Bipartisan, Bicameral Legislation Introduced to Protect Insurance Policy Holders from Being Forced to Bailout Financial Firms


Washington, March 20, 2015 - U.S. Representatives Bill Posey (R-FL) and Brad Sherman (D-CA) joined with U.S. Senators David Vitter (R-LA) and Jon Tester (D-MT) introduced the Policyholder Protection Act (H.R. 1478, S. 798), bipartisan legislation to ensure that your personal insurance policies won’t be raided to prop-up failing financial institutions.

“It’s simply wrong to force average middle-class families to put their homeowner’s or life insurance policies at risk because some Wall Street firm made a bad bet,” said U.S. Rep. Bill Posey, a member of the House Financial Services Committee.

“I strongly support this bipartisan, common-sense fix that needs to be made,” said U.S. Rep. Brad Sherman, also a member of the House Financial Services Committee. “It will insure that those with insurance policies will not have the security of those policies undermined by a contingency they could not foresee.”

“Returning discretion to insurance state regulators, rather than the federal government, will better protect consumers and taxpayers,” said U.S. Senator David Vitter, a member of the Senate Committee on Banking, Housing and Urban Affairs.

“Insurance is designed to protect customers against risk, and policyholders shouldn’t be on the hook for a failing bank that’s tied to their insurer,” said U.S. Senator Jon Tester, a member of the Senate Committee on Banking, Housing and Urban Affairs. “This bill empowers state insurance regulators to protect policyholders, regardless of their organizational structure.”

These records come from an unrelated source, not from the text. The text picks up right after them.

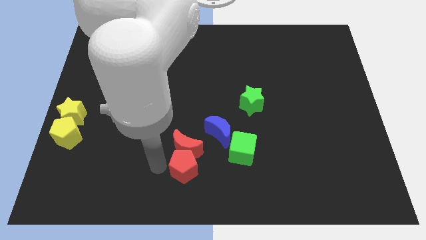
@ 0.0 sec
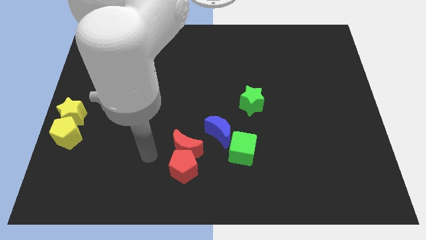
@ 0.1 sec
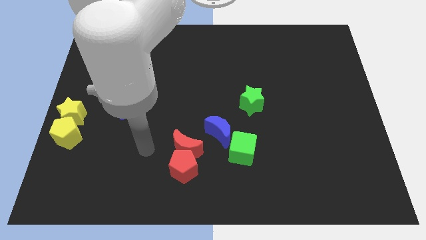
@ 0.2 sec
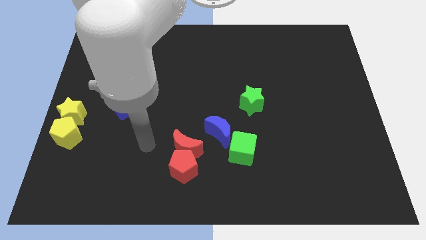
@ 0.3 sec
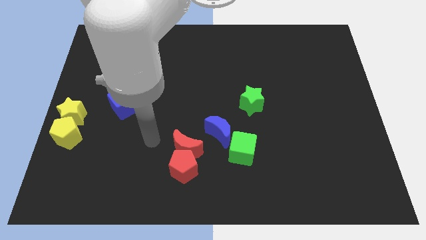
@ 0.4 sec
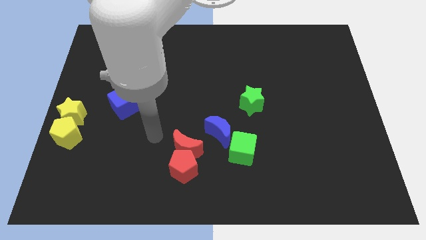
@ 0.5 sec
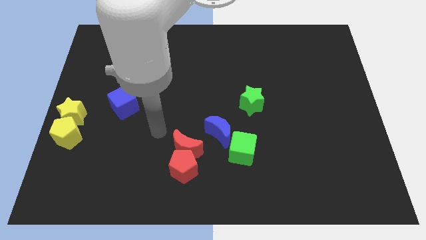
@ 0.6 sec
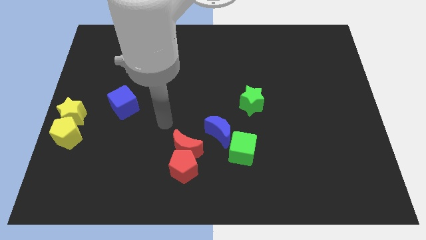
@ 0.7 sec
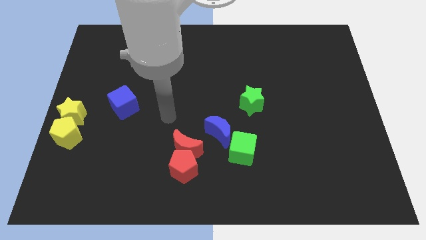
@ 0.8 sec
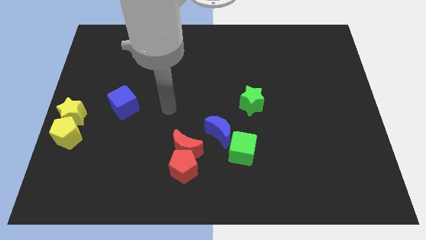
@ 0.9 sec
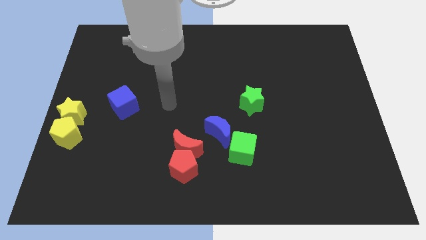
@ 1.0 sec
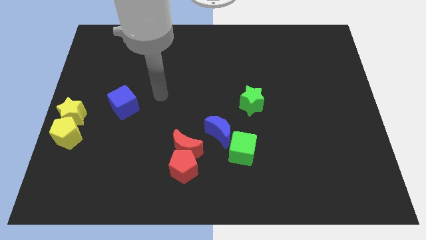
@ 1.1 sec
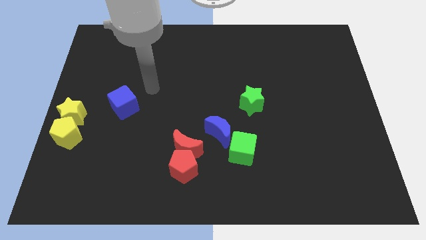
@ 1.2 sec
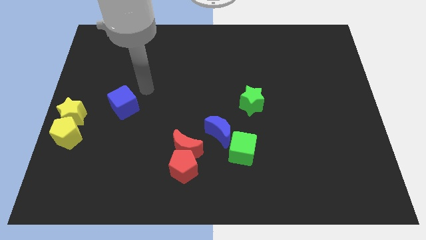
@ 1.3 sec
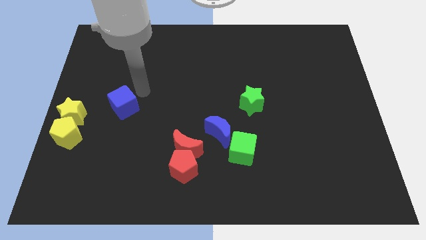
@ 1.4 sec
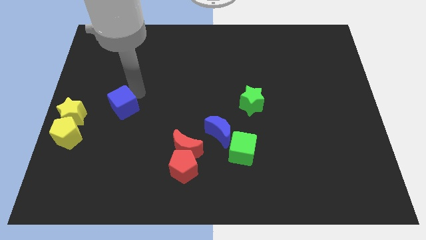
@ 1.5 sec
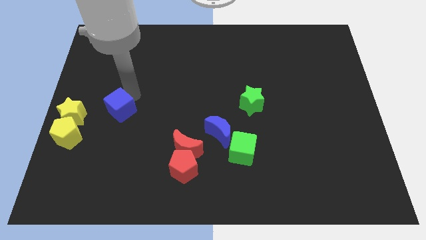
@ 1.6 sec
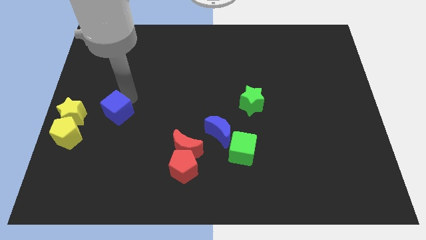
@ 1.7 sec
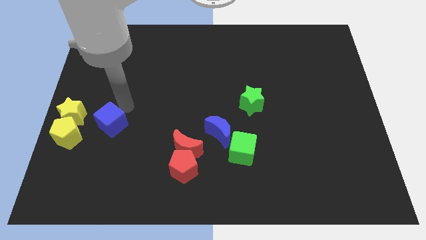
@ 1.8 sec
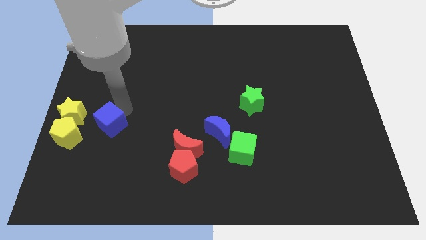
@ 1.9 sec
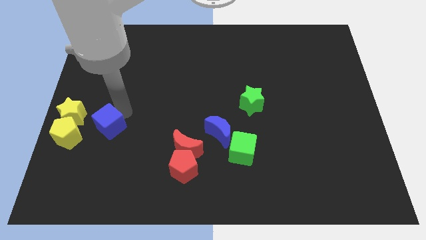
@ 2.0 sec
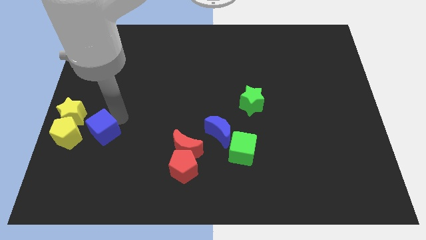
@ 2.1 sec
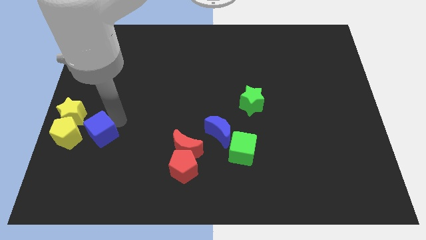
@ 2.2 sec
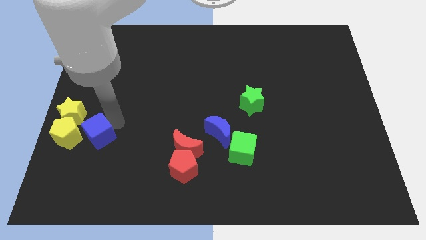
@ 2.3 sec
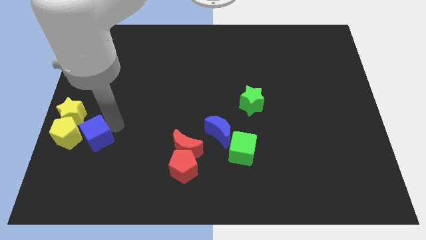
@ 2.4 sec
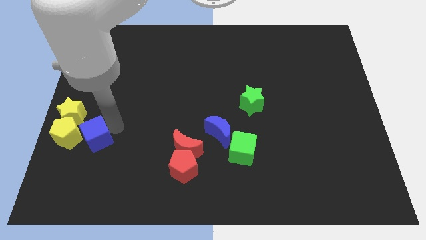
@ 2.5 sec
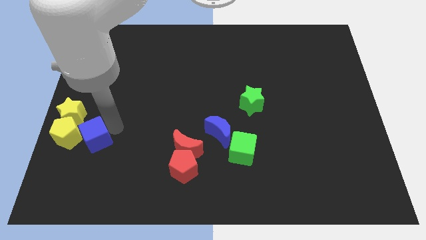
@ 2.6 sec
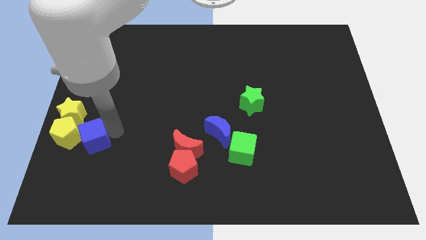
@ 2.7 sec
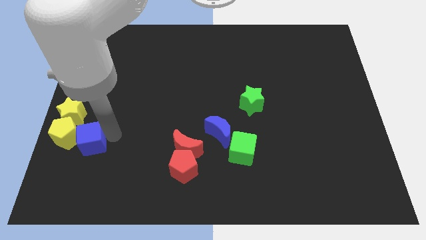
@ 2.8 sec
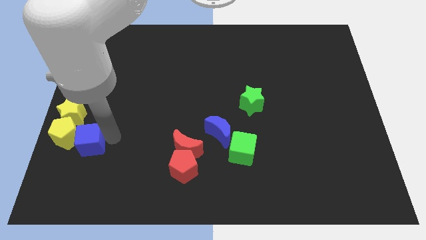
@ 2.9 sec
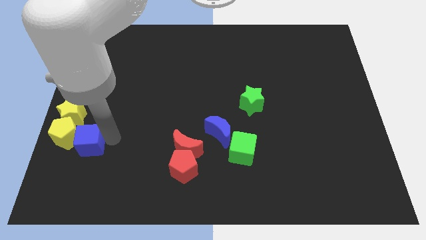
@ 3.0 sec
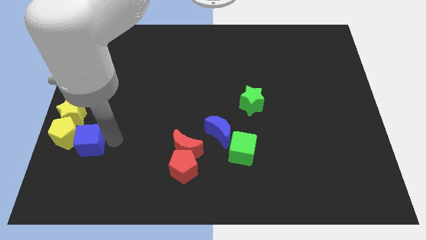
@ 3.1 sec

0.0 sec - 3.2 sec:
push the blue cube to the right of the yellow pentagon

Specifically, the bill clarifies the intended authority of state insurance regulators to wall-off insurance companies organized under thrift holding companies from being held financially responsible for an affiliated bank’s failure or financial stress. Under current law, there exists an opportunity that the state regulator would be kept out of the process of an FDIC orderly liquidation to ensure the proper steps are taken to protect policy holders. This legislation would ensure that all the tools are available to state insurance regulators to protect policyholders from undue harm and continue to pay claims regardless of the financial condition of an affiliated institution.